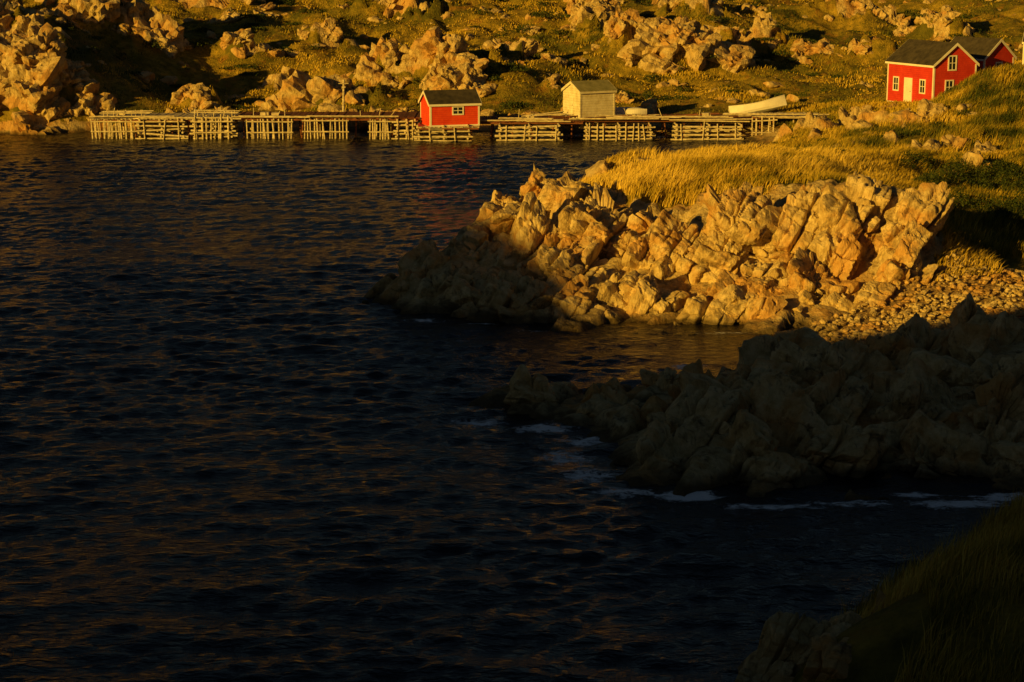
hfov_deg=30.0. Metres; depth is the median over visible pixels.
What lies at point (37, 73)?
hillside crags
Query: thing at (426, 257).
outcrop boulders
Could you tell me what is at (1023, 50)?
white outbuilding
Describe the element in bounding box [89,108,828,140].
wooden pier
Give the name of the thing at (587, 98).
white shed
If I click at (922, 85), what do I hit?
window
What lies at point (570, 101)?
door
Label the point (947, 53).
trim
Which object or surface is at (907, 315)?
beach pebbles
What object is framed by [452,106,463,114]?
window
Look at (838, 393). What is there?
shore rocks
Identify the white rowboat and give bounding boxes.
[728,95,786,112]
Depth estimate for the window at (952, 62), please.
149.96 m
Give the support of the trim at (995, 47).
attached to the walls at (1001, 53)
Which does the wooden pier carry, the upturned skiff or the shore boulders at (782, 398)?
the upturned skiff
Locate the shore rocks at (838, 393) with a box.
[509,293,1023,482]
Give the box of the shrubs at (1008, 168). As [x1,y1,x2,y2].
[772,76,1023,219]
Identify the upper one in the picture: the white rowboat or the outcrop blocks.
the white rowboat
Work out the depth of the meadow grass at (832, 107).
154.79 m
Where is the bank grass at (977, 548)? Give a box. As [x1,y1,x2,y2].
[819,479,1023,681]
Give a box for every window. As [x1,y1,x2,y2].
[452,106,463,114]
[893,76,898,90]
[919,79,925,93]
[944,80,953,93]
[948,55,956,70]
[995,62,1002,67]
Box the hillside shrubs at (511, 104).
[61,0,975,110]
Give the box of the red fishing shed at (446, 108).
[418,89,481,129]
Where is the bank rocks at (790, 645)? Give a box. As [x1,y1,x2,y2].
[734,590,890,681]
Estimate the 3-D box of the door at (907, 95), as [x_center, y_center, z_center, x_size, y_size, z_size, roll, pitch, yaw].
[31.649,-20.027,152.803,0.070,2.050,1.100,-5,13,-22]
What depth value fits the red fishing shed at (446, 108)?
149.52 m
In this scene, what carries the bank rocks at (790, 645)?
on the ground at (876, 642)
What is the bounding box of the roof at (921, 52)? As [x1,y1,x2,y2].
[885,39,956,65]
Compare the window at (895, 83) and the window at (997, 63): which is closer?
the window at (895, 83)
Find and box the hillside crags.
[0,0,1009,169]
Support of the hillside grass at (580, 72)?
on the ground at (876, 642)
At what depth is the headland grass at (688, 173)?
95.85 m
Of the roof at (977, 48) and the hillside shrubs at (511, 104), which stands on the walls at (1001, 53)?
the roof at (977, 48)
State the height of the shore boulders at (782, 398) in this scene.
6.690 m
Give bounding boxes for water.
[0,131,1023,681]
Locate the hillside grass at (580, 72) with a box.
[3,0,1023,114]
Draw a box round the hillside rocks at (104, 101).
[6,0,1023,188]
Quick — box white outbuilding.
[1022,35,1023,64]
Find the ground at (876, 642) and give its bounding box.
[0,0,1023,681]
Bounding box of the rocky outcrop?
[391,171,954,324]
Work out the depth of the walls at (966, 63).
150.61 m
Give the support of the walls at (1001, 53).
on the foundation
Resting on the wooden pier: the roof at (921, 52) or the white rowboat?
the white rowboat
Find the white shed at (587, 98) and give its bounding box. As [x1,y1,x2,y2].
[561,80,616,128]
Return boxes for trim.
[885,43,979,101]
[952,39,1016,68]
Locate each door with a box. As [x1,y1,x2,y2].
[567,94,573,114]
[903,77,912,102]
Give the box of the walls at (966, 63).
[888,46,975,101]
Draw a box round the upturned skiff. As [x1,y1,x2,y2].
[615,107,646,114]
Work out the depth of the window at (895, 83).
154.25 m
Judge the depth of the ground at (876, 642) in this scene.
163.54 m
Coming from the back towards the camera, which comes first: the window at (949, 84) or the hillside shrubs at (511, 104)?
the hillside shrubs at (511, 104)
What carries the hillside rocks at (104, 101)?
on the ground at (876, 642)
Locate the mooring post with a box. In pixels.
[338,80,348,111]
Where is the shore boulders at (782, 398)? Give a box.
[503,311,1023,484]
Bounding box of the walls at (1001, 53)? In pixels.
[976,42,1012,72]
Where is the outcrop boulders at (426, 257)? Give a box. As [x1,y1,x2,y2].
[397,229,887,324]
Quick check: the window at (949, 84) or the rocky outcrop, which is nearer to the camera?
the rocky outcrop
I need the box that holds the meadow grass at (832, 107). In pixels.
[763,96,934,127]
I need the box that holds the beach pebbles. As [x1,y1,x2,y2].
[808,249,1023,344]
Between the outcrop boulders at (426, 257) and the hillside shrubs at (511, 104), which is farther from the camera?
the hillside shrubs at (511, 104)
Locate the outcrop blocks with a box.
[475,162,932,314]
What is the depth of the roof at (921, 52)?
152.25 m
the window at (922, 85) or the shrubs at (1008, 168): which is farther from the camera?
the window at (922, 85)
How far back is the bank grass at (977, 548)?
30.47 m
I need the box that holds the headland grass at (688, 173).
[580,62,1023,280]
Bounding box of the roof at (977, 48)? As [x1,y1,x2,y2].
[951,36,1014,58]
::::::::
▶ The problem
An exact copy of the whole listing is required, minus the pictures.

▶ Expected answer
hfov_deg=30.0. Metres; depth is the median over visible pixels.
What lies at point (37, 73)?
hillside crags
Query: thing at (426, 257).
outcrop boulders
Could you tell me what is at (1023, 50)?
white outbuilding
Describe the element in bounding box [89,108,828,140].
wooden pier
Give the name of the thing at (587, 98).
white shed
If I click at (922, 85), what do I hit?
window
What lies at point (570, 101)?
door
Label the point (947, 53).
trim
Which object or surface is at (907, 315)?
beach pebbles
What object is framed by [452,106,463,114]?
window
Look at (838, 393). What is there?
shore rocks
Identify the white rowboat and give bounding boxes.
[728,95,786,112]
Depth estimate for the window at (952, 62), please.
149.96 m
Give the support of the trim at (995, 47).
attached to the walls at (1001, 53)
Which does the wooden pier carry, the upturned skiff or the shore boulders at (782, 398)?
the upturned skiff
Locate the shore rocks at (838, 393) with a box.
[509,293,1023,482]
Give the box of the shrubs at (1008, 168). As [x1,y1,x2,y2].
[772,76,1023,219]
Identify the upper one in the picture: the white rowboat or the outcrop blocks.
the white rowboat
Work out the depth of the meadow grass at (832, 107).
154.79 m
Where is the bank grass at (977, 548)? Give a box. As [x1,y1,x2,y2].
[819,479,1023,681]
Give a box for every window. As [x1,y1,x2,y2].
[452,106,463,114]
[893,76,898,90]
[919,79,925,93]
[944,80,953,93]
[948,55,956,70]
[995,62,1002,67]
Box the hillside shrubs at (511, 104).
[61,0,975,110]
Give the box of the red fishing shed at (446, 108).
[418,89,481,129]
Where is the bank rocks at (790, 645)? Give a box. As [x1,y1,x2,y2].
[734,590,890,681]
Estimate the 3-D box of the door at (907, 95), as [x_center, y_center, z_center, x_size, y_size, z_size, roll, pitch, yaw].
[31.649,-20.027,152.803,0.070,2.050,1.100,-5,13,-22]
What depth value fits the red fishing shed at (446, 108)?
149.52 m
In this scene, what carries the bank rocks at (790, 645)?
on the ground at (876, 642)
What is the bounding box of the roof at (921, 52)? As [x1,y1,x2,y2].
[885,39,956,65]
Compare the window at (895, 83) and the window at (997, 63): which is closer?
the window at (895, 83)
Find and box the hillside crags.
[0,0,1009,169]
Support of the hillside grass at (580, 72)?
on the ground at (876, 642)
At what depth is the headland grass at (688, 173)?
95.85 m
Of the roof at (977, 48) and the hillside shrubs at (511, 104), which stands on the walls at (1001, 53)?
the roof at (977, 48)
State the height of the shore boulders at (782, 398) in this scene.
6.690 m
Give bounding boxes for water.
[0,131,1023,681]
Locate the hillside grass at (580, 72) with a box.
[3,0,1023,114]
Draw a box round the hillside rocks at (104, 101).
[6,0,1023,188]
Quick — box white outbuilding.
[1022,35,1023,64]
Find the ground at (876, 642) and give its bounding box.
[0,0,1023,681]
Bounding box of the rocky outcrop?
[391,171,954,324]
Work out the depth of the walls at (966, 63).
150.61 m
Give the support of the walls at (1001, 53).
on the foundation
Resting on the wooden pier: the roof at (921, 52) or the white rowboat?
the white rowboat
Find the white shed at (587, 98) and give its bounding box. As [x1,y1,x2,y2].
[561,80,616,128]
Return boxes for trim.
[885,43,979,101]
[952,39,1016,68]
Locate each door with a box. As [x1,y1,x2,y2].
[567,94,573,114]
[903,77,912,102]
Give the box of the walls at (966, 63).
[888,46,975,101]
Draw a box round the upturned skiff. As [x1,y1,x2,y2].
[615,107,646,114]
Work out the depth of the window at (895, 83).
154.25 m
Judge the depth of the ground at (876, 642) in this scene.
163.54 m
Coming from the back towards the camera, which comes first: the window at (949, 84) or the hillside shrubs at (511, 104)?
the hillside shrubs at (511, 104)
What carries the hillside rocks at (104, 101)?
on the ground at (876, 642)
Locate the mooring post with a box. In pixels.
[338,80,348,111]
Where is the shore boulders at (782, 398)? Give a box.
[503,311,1023,484]
Bounding box of the walls at (1001, 53)? In pixels.
[976,42,1012,72]
Where is the outcrop boulders at (426, 257)? Give a box. As [x1,y1,x2,y2].
[397,229,887,324]
Quick check: the window at (949, 84) or the rocky outcrop, which is nearer to the camera?
the rocky outcrop
I need the box that holds the meadow grass at (832, 107). In pixels.
[763,96,934,127]
I need the box that holds the beach pebbles. As [x1,y1,x2,y2].
[808,249,1023,344]
Between the outcrop boulders at (426, 257) and the hillside shrubs at (511, 104), which is farther from the camera?
the hillside shrubs at (511, 104)
Locate the outcrop blocks with a box.
[475,162,932,314]
What is the depth of the roof at (921, 52)?
152.25 m
the window at (922, 85) or the shrubs at (1008, 168): which is farther from the camera?
the window at (922, 85)
How far back is the bank grass at (977, 548)?
30.47 m
I need the box that holds the headland grass at (688, 173).
[580,62,1023,280]
Bounding box of the roof at (977, 48)? As [x1,y1,x2,y2].
[951,36,1014,58]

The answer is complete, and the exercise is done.